No significant impact of this proposal is anticipated on mutual fund dealers, given that they do not have many clients that fall into the institutional client category and the categorization of clients for annual reporting purposes is optional. Where a mutual fund dealer opts to take advantage of this categorization of clients for annual reporting purposes, we expect the mutual fund dealer to have adequate procedures, controls and records in place to be able to demonstrate compliance with the annual reporting carve-out.
Reporting obligation with regards to outside holdings
The IDPC Rule requirements for client reporting41 differentiate between client assets that are held or otherwise under the control of the Dealer, and client assets that are not controlled by the Dealer (i.e. outside holdings). In comparison, the MFD Rule requirements on client reporting apply the same regardless of whether client assets are held or otherwise controlled by the Dealer.42 These differences are more material with regards to the periodic client account reporting requirements,43 which is outside of the scope of this rule proposal, and less so when it comes to the annual reporting requirements (i.e. fee/charges report and performance report).44 We have not pursued recommend rule alignment on this matter at this time, as we believe this is best addressed within the Rule Consolidation Project rule amendments.

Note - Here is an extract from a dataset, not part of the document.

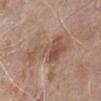No biopsy was performed on this lesion — it was imaged during a full skin examination and was not determined to be concerning. Approximately 7.5 mm at its widest. The lesion is on the right forearm. A region of skin cropped from a whole-body photographic capture, roughly 15 mm wide. The tile uses white-light illumination. A male patient in their mid- to late 70s. The lesion-visualizer software estimated a lesion color around L≈52 a*≈19 b*≈28 in CIELAB and a lesion-to-skin contrast of about 6.5 (normalized; higher = more distinct). The software also gave a border-irregularity index near 8/10, a color-variation rating of about 4/10, and peripheral color asymmetry of about 1.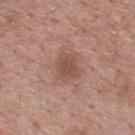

2.2.2 Client reporting responsibility in shared service arrangements
We are proposing new provisions in CIRO Rules, with the scope of clarifying who is responsible for sending the annual reports to clients in the situation of shared service arrangements, [new IDPC Rule section 3846 / new MFD Rule section 5.7.].
Shared service arrangements, whereby two or more securities registrants (e.g. Dealer Member, portfolio manager or exempt market dealer) service the same client account, are common. Examples include introducing broker / carrying broker arrangements, external custody arrangements and service arrangements between portfolio managers and Dealer Members. Without rule clarification, there may be confusion as to which of these securities registrants is primarily responsible for annual client reporting.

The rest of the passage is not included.